DIRECTIONS FOR THIS TASK: Once the line containing "The camera travels" is located, give it again exactly, together with each line that follows it to the end of the entries, and add nothing else.

Data extracted from a collection:
+ + + + + + +

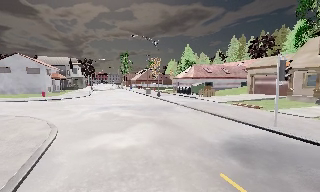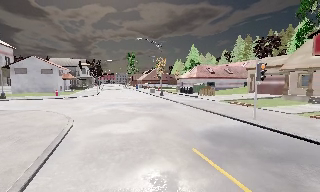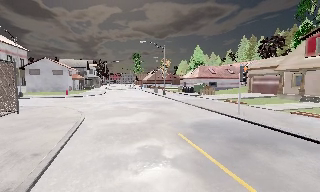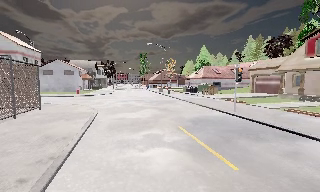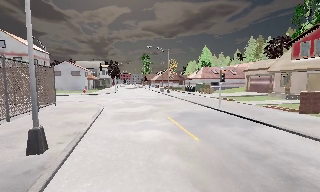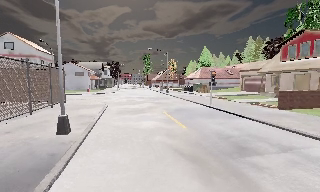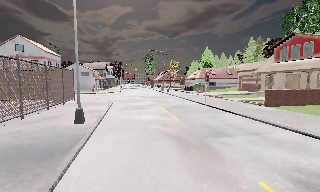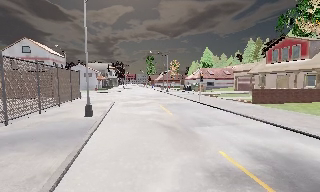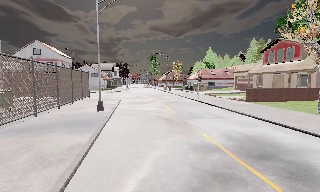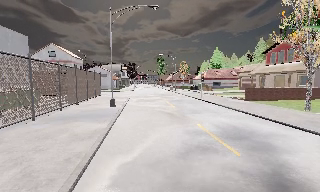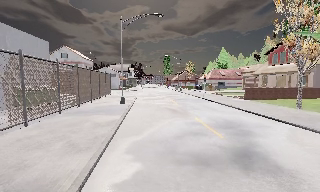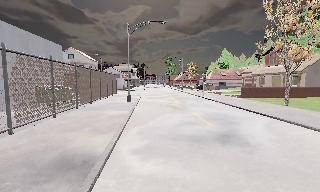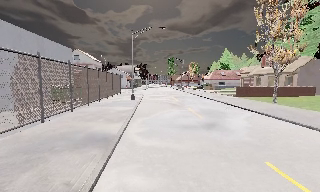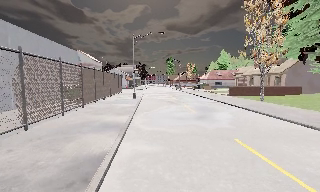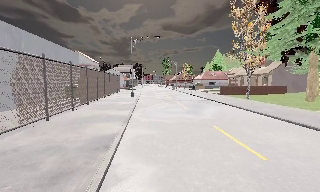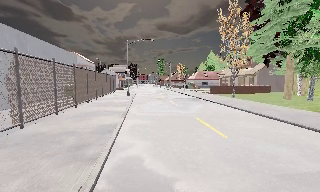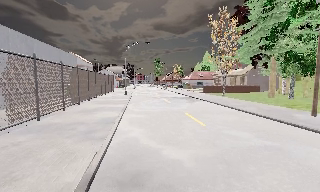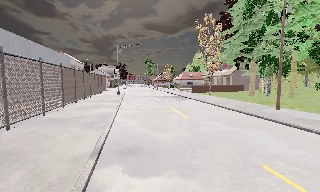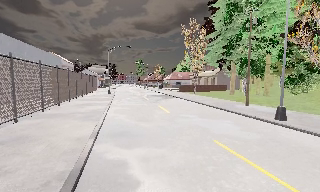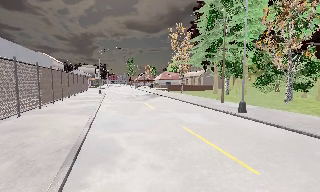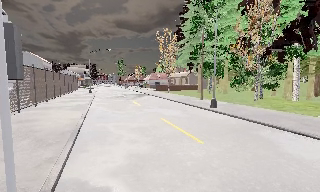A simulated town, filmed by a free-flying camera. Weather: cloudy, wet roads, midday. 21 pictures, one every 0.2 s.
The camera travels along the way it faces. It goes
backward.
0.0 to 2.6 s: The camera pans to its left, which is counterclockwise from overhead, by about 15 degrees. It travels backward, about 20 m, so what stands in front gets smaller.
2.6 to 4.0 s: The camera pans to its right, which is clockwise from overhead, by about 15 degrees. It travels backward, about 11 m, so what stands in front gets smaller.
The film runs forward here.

+ + + + + + +

EXERCISE RESPONSE:
The camera travels along the way it faces. It goes
backward.
0.0 to 2.6 s: The camera pans to its left, which is counterclockwise from overhead, by about 15 degrees. It travels backward, about 20 m, so what stands in front gets smaller.
2.6 to 4.0 s: The camera pans to its right, which is clockwise from overhead, by about 15 degrees. It travels backward, about 11 m, so what stands in front gets smaller.
The film runs forward here.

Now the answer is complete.